Records from a collection:
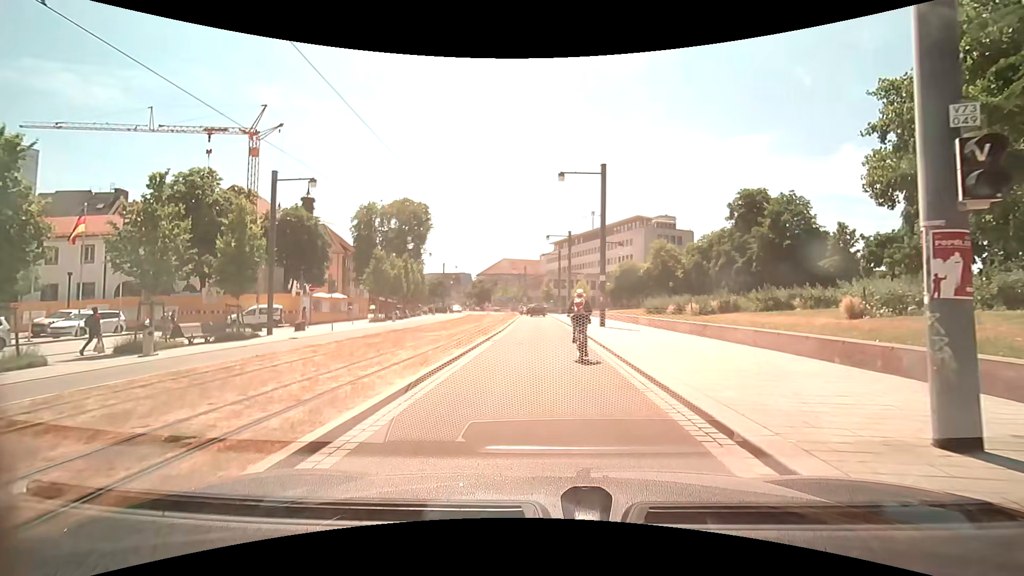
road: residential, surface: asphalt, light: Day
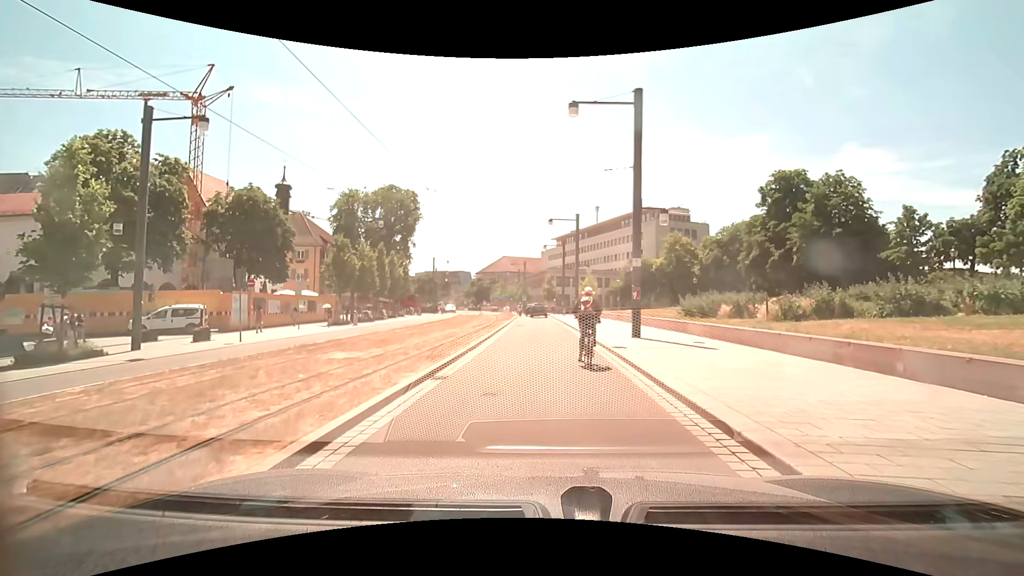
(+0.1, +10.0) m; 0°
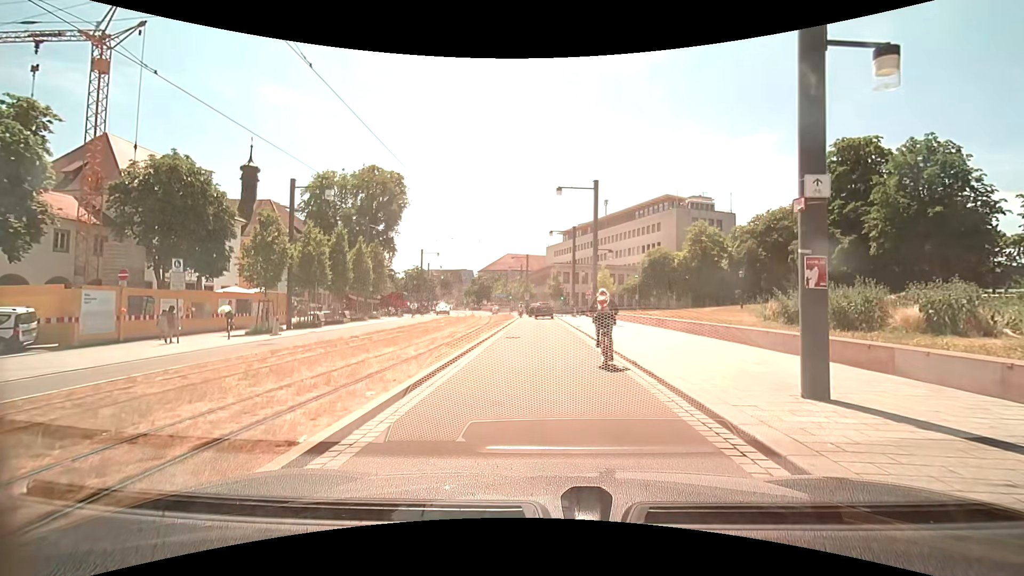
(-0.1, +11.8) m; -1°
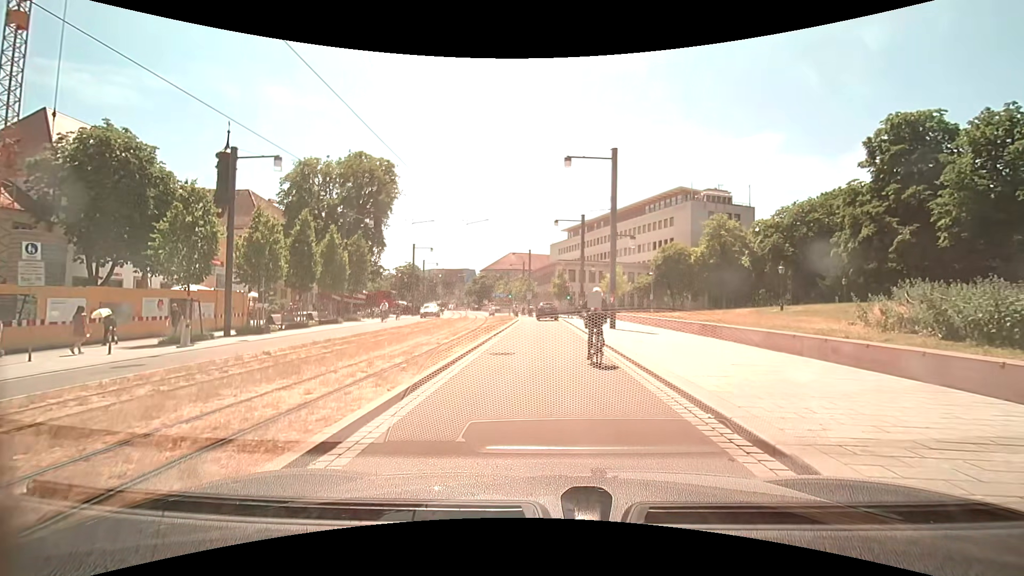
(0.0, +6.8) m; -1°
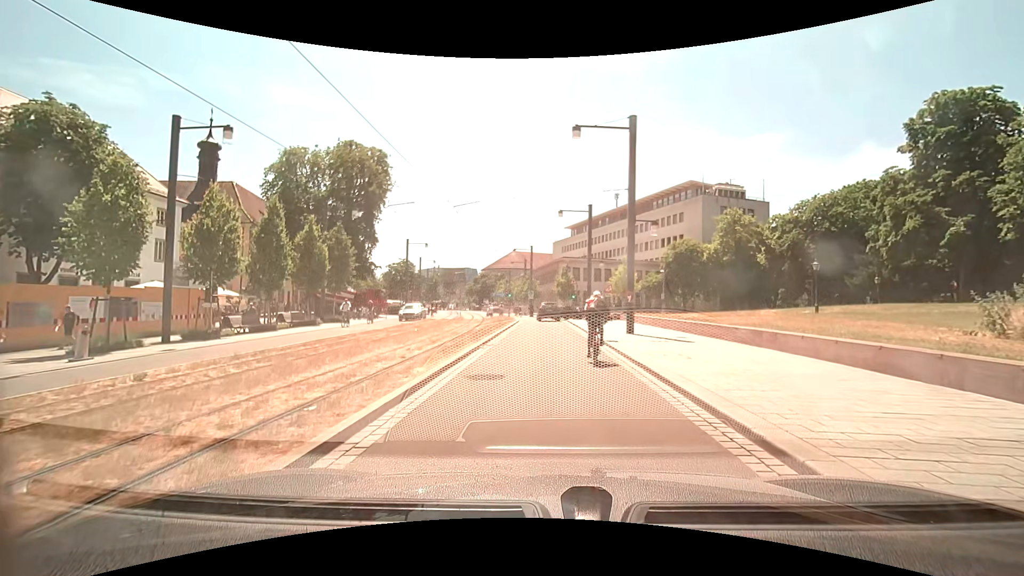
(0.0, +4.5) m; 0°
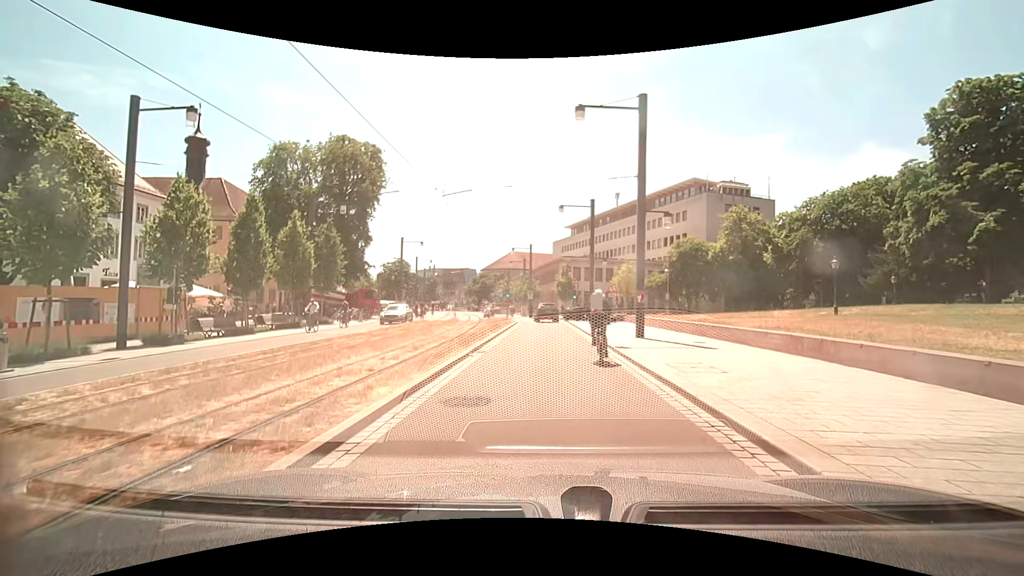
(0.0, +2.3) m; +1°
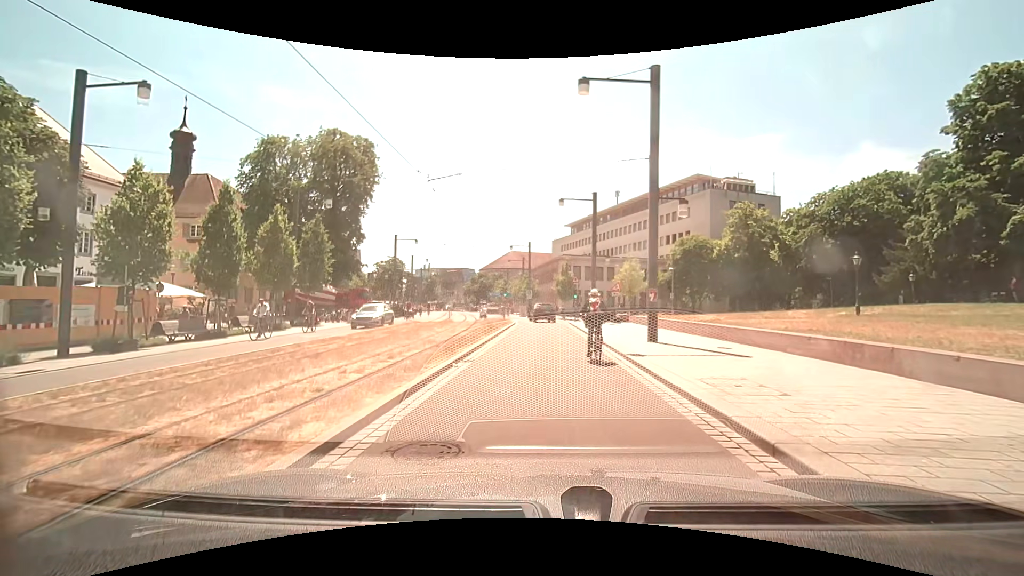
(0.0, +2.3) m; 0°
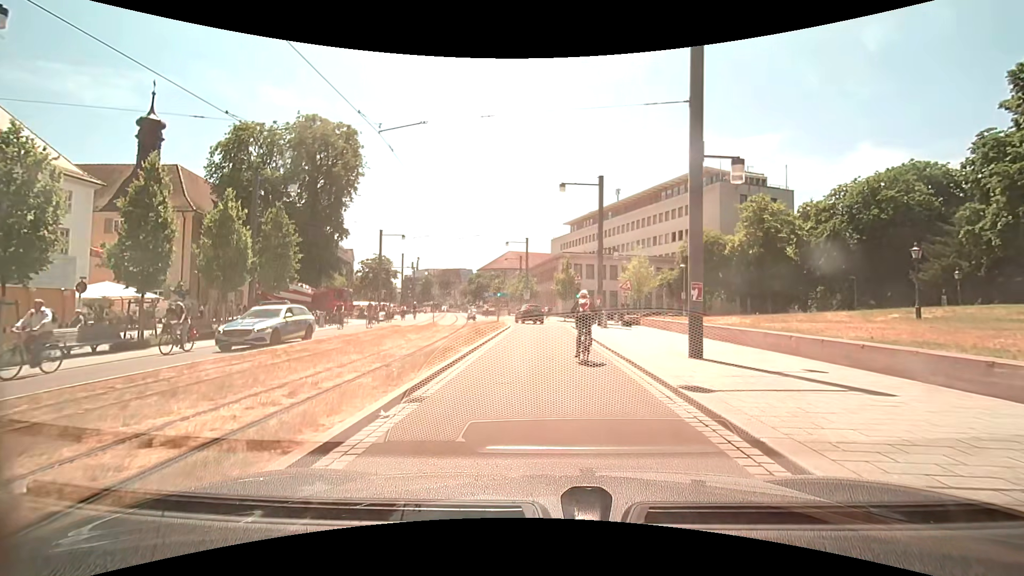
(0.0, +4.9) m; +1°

---

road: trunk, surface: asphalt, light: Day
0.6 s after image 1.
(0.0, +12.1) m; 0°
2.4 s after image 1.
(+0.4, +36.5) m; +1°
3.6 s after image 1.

...

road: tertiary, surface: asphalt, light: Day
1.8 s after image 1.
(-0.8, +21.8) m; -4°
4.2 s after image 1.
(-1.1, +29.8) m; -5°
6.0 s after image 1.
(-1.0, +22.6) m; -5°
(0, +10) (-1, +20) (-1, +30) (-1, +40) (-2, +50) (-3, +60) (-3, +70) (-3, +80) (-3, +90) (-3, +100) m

Assignment
Your task for the entries above: copy exactly the span starting with the line with "road: trunk, surface: asphalt, light: Day" and going on through the line with "3.6 s after image 1.", both lines included, and nothing else.

Answer to this exercise
road: trunk, surface: asphalt, light: Day
0.6 s after image 1.
(0.0, +12.1) m; 0°
2.4 s after image 1.
(+0.4, +36.5) m; +1°
3.6 s after image 1.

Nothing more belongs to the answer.